Dans un entretien accordé à Monaco-Matin à l’occasion de la Fête Nationale de Monaco, le Prince Albert II a réaffirmé que la Principauté ne s’orientera pas vers une dépénalisation de l’interruption volontaire de grossesse, maintenant une position alignée sur l’Église catholique, religion d’État de Monaco.
Cette clarification fait suite à une initiative législative introduite en mars 2025, lorsque des membres du Conseil national ont présenté un projet de loi visant à autoriser l’avortement dans des conditions définies. Après une réunion au Palais Princier, le ministre d’Etat Christophe Mirmand a informé il y a deux semaines le président du Conseil Thomas Brezzo que le gouvernement ne poursuivrait pas le processus législatif.
Le Prince Albert II a détaillé cette décision dans son entretien, notant que le Ministre d’État annoncera néanmoins de nouvelles mesures de soutien visant à renforcer l’aide aux personnes concernées.
Abordant la question de savoir si Monaco est préparé à une telle réforme sociale, le Souverain a reconnu le poids émotionnel de la question et les expériences personnelles qu’elle peut susciter.
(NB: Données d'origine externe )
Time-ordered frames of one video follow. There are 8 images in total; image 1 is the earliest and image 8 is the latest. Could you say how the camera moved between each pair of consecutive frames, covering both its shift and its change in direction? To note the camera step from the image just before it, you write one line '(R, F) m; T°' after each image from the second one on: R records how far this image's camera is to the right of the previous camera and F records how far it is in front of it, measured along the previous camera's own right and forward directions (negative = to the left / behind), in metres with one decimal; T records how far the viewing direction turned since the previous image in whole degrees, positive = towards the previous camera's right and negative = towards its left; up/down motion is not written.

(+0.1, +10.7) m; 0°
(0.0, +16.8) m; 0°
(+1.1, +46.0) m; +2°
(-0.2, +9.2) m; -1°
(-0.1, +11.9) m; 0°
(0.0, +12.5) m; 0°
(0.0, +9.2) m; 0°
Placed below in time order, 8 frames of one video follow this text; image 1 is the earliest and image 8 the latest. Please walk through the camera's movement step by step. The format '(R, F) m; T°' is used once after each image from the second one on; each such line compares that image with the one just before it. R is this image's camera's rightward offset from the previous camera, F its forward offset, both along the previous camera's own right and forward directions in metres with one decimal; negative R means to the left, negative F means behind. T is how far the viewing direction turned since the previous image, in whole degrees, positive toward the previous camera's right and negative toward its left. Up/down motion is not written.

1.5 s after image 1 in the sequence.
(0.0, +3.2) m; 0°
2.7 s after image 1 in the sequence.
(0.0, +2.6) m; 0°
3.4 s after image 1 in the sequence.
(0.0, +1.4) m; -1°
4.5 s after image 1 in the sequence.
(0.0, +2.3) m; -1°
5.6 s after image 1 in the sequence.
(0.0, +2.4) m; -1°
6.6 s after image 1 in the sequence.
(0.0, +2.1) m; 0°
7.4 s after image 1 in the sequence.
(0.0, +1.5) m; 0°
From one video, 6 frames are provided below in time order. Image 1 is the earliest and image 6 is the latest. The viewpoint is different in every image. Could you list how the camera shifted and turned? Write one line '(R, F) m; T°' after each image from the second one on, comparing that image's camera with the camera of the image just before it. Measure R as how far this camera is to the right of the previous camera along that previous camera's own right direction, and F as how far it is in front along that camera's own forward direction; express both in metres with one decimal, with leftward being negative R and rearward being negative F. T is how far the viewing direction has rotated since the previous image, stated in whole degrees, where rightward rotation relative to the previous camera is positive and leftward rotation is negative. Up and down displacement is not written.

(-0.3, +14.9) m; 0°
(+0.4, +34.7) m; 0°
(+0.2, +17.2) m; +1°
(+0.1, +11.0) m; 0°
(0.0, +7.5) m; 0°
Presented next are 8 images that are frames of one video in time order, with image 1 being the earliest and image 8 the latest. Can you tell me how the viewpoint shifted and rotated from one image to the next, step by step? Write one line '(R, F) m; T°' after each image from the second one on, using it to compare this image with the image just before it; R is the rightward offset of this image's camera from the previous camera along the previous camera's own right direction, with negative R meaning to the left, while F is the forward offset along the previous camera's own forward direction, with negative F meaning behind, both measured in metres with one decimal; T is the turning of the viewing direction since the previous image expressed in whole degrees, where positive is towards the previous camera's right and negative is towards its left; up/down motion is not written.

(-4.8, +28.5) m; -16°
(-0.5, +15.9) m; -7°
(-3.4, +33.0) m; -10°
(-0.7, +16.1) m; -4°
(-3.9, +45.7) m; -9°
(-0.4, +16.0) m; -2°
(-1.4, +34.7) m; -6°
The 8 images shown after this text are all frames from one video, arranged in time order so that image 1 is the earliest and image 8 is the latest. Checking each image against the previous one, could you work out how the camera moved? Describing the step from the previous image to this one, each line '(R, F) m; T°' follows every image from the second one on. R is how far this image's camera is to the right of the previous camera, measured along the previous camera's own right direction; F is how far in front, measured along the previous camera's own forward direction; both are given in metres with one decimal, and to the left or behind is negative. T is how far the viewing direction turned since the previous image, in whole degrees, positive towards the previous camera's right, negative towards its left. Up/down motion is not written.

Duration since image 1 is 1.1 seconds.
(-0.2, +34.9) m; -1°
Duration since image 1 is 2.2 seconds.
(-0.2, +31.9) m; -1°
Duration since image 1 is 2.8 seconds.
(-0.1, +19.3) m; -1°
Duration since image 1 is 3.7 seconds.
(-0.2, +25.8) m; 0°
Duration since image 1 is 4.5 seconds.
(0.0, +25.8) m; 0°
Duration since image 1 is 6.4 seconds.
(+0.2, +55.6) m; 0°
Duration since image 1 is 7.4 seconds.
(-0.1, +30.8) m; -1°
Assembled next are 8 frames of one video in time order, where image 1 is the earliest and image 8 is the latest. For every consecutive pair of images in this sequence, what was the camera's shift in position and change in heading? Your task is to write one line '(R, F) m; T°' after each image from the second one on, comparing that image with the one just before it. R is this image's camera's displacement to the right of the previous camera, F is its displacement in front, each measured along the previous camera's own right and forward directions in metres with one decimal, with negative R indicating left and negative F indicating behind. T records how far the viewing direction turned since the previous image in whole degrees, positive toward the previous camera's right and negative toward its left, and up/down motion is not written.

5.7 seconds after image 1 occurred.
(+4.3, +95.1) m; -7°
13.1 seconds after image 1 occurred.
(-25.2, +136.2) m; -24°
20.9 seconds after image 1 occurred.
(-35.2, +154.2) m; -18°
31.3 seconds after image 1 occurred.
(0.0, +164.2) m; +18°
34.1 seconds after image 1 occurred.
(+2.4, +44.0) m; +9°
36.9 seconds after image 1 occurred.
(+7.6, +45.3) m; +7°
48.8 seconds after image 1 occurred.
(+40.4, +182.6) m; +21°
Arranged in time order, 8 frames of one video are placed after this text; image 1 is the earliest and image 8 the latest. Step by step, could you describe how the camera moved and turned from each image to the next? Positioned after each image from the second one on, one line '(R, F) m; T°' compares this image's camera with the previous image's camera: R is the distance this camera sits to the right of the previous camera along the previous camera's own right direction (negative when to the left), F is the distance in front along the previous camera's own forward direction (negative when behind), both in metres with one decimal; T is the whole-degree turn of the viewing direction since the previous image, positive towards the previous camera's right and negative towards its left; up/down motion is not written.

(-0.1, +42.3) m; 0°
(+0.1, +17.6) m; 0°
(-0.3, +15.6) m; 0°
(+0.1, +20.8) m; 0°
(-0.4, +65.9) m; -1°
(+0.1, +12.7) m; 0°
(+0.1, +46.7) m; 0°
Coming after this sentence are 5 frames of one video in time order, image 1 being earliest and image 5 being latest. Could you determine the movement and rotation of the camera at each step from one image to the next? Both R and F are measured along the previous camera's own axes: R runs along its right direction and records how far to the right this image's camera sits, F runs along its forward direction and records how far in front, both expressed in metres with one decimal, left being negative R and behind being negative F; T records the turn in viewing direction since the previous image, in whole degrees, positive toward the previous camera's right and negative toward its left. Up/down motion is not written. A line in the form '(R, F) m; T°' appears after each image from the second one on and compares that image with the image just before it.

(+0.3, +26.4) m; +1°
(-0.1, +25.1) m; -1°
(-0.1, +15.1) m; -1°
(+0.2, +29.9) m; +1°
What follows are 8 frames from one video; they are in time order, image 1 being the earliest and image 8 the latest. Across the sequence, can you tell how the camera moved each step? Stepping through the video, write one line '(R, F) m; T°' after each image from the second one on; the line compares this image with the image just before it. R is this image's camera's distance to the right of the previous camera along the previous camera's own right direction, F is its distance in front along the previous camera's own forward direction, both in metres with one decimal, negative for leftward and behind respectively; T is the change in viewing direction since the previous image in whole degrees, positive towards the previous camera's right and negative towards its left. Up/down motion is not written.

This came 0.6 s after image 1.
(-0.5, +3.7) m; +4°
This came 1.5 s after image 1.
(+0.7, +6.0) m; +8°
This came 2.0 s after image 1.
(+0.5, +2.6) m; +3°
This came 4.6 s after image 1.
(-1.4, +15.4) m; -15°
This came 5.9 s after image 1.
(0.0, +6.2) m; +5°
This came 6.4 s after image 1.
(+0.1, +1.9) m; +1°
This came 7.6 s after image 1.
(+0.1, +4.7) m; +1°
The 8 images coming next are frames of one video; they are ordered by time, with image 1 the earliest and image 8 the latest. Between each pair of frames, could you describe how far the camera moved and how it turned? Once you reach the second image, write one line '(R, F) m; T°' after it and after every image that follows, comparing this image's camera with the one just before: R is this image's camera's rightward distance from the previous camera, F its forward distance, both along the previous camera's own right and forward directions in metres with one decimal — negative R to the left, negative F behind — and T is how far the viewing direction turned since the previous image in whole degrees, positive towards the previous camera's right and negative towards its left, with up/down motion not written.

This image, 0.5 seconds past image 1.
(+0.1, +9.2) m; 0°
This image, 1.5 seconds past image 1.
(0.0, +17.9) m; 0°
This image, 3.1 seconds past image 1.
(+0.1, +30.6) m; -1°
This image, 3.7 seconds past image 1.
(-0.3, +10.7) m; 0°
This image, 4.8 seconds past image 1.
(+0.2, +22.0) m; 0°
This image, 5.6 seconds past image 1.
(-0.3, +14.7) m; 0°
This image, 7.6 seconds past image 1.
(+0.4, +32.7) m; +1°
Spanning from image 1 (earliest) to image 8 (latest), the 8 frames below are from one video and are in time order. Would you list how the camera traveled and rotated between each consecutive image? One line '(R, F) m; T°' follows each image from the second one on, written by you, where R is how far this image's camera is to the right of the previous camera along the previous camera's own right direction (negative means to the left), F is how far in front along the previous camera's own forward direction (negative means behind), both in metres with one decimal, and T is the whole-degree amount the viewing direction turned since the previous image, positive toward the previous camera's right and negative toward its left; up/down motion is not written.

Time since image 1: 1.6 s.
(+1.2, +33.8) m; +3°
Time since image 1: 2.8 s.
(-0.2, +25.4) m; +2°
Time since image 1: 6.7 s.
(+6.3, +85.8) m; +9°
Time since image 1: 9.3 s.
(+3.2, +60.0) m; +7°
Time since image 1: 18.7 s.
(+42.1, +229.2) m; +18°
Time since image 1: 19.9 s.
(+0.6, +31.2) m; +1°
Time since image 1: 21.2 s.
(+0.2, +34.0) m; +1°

Il a souligné que Monaco a déjà connu des évolutions significatives dans ce domaine, notamment à travers les mises à jour législatives de 2009 et 2019. A l’époque, a-t-il déclaré, le Gouvernement et le Conseil National étaient parvenus à ce qu’il considérait comme un cadre équilibré, respectueux des principes constitutionnels de Monaco, de son identité culturelle et des femmes concernées.
« Je crois que le système actuel reflète qui nous sommes, compte tenu du rôle de la religion catholique dans notre pays, tout en garantissant un soutien sûr et humain », a-t-il déclaré. Le Prince a ajouté qu’après une longue séance de travail au Palais, il avait demandé au gouvernement de notifier formellement au Conseil National que le projet de loi ne serait pas adopté. Le ministre d’État devrait exposer les mesures de soutien à venir lors de sa prochaine comparution en séance publique.